O PULO DO GATO

O pulo do gato se deu enquanto eu desenhava algumas ideias numa folha branca, por sinal, muito atraente. É possível até que o felino desejasse despertar-me de um pensamento que talvez lhe tenha soado um tanto estranho e perturbador. Nunca se sabe, afinal, o que vai na cabeça de um bicho astuto, talvez até mais astuto do que o bicho homem.

Na verdade, resgatou-me de uma reflexão acerca de acontecimentos vários que me tiram o sono dia a dia e me levam a deitar esta pena por sobre o papel, quem sabe, uma forma de livrar do desalento este coro um tanto calejado.

Acordou-me, pois, para o momento presente uma gata negra de pelos brilhantes e olhos insinuantes. Um animal que, meio diferente dos gatos que conheço, interage diretamente com o ser humano a ponto de deixá-lo imerso, mesmo que por instantes, num mundo de encantamento e fuga. Suspeito que ela busque a reação humana para talvez aprender um pouco mais sobre a raça que aqui a cerca de muito carinho.
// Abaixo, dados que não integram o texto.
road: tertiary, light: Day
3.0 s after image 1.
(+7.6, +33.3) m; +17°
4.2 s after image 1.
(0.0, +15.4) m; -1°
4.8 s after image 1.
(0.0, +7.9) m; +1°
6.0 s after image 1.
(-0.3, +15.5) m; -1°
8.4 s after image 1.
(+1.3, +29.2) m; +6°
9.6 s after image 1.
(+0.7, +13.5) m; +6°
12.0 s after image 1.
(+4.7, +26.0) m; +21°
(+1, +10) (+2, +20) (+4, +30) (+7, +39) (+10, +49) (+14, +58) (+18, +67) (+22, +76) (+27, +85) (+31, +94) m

Ou apreendê-la, por que não?

Enquanto passamos frio em solo europeu, vejo notícias alarmantes sobre o calor no meu Brasil. Mas no velho mundo, desfrutamos do aconchego de camadas de roupas, das pesadas cobertas e também do olhar penetrante da gatinha.
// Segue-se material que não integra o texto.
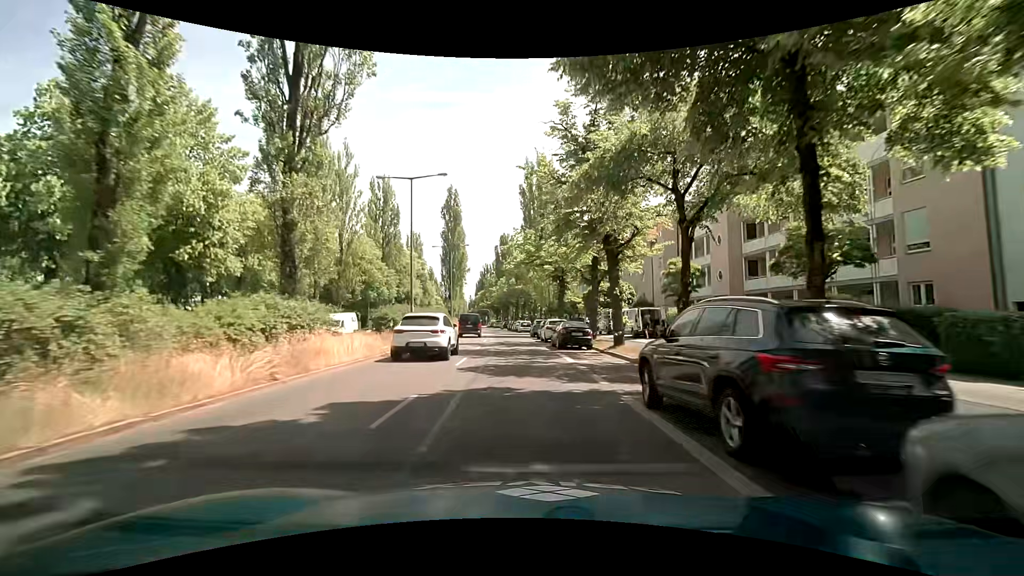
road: secondary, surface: asphalt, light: Day
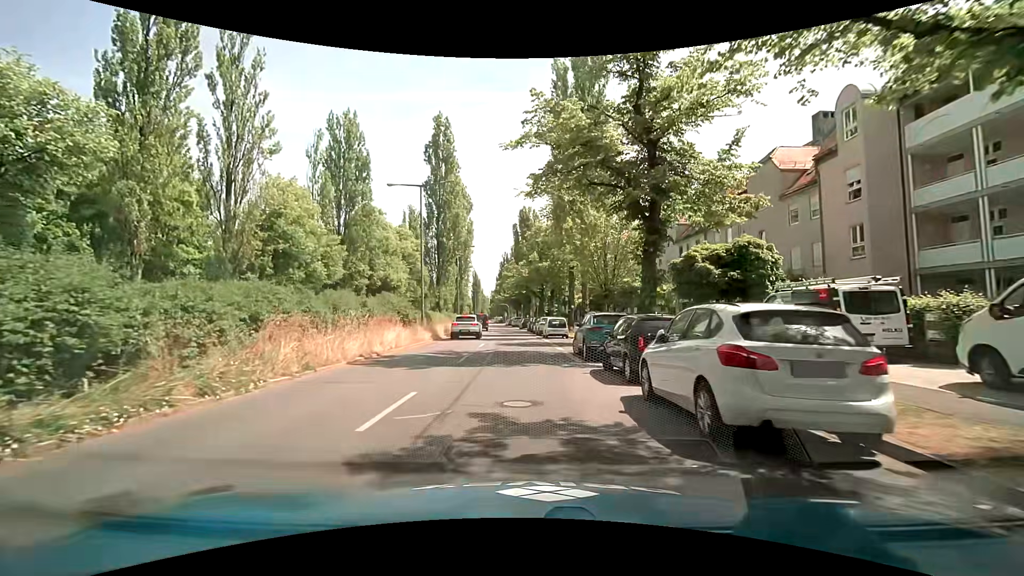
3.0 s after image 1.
(-0.7, +27.0) m; -3°
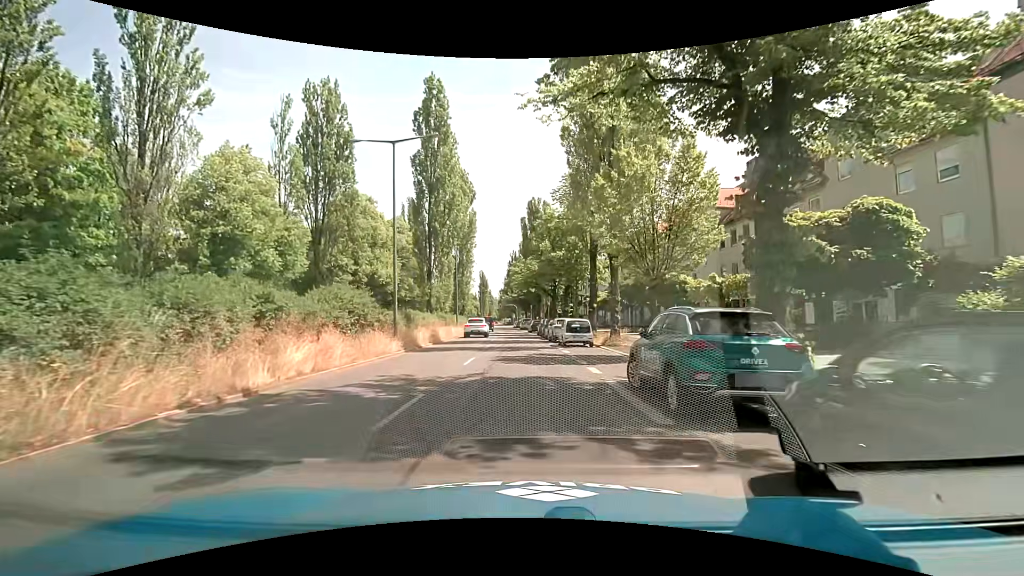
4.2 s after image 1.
(0.0, +8.9) m; 0°
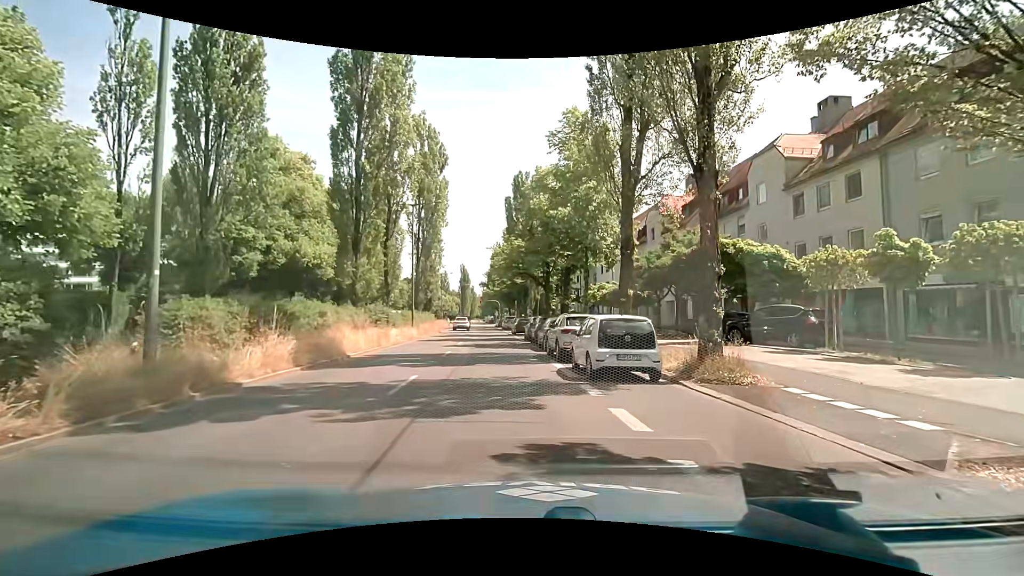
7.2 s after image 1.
(-0.1, +14.7) m; +2°

Assim, afinal, é o espírito humano, se tomarmos como inspiração as variações do clima: ora entregue ao calor dos embates diários, ora propenso a calar seus ímpetos e voltar-se para o aconchegante universo interior em que tudo é possível, permitido e concebível.

E a gata me rodeia enquanto escrevo. Seu senso lhe permite picar, sem remorso, todo o papel toalha disponível, e seu olhar desafiador e sincero ainda desarma o humano que tenciona aplicar-lhe um pito pela travessura. É como se dissesse: “calma lá, sujeito! No mercado há muito mais”.

Em todo caso, sigo agrupando as ideias que têm relação com o calor dos acontecimentos mundo afora, em contrapartida ao gelo que habita o coração de gente que detém o poder que mata em nome da liberdade que não passa de pretexto para conquistar povos, economias e territórios. Fato que, diga-se de passagem, tem ocorrido desde quando o homo se descobriu sapiens, um dia.

O olhar vibrante da gata, então, contrasta com o olhar meio sem graça de quem já perdeu a esperança e sonha com o ano vindouro.

Por isso, a alegria da felina, seus pulos e disparadas, sua visão inconsequente de bicho para com as coisas dos homens, chegam a causar inveja. Sua impetuosidade não lhe permite, afinal, pensar no mau gosto que habita alguns corações, como um estilo de vida.

E a gatinha teima em se alvoroçar, indiferente às palavras que ainda tenciono colocar no papel, e que, em dado momento, ficaram por escrever, quando suas patas pisotearam o caderno. Parece entender e considerar que suas peraltices nos deixam leve a alma, e que o texto pode muito bem esperar.

Mas o calor de lá, o frio de cá, a parca inteligência de todos os lados a sabotar o bem viver, botam a nocaute o coração que deseja tão somente usufruir das coisas boas e belas desta vida como a companhia graciosa que divide comigo este espaço.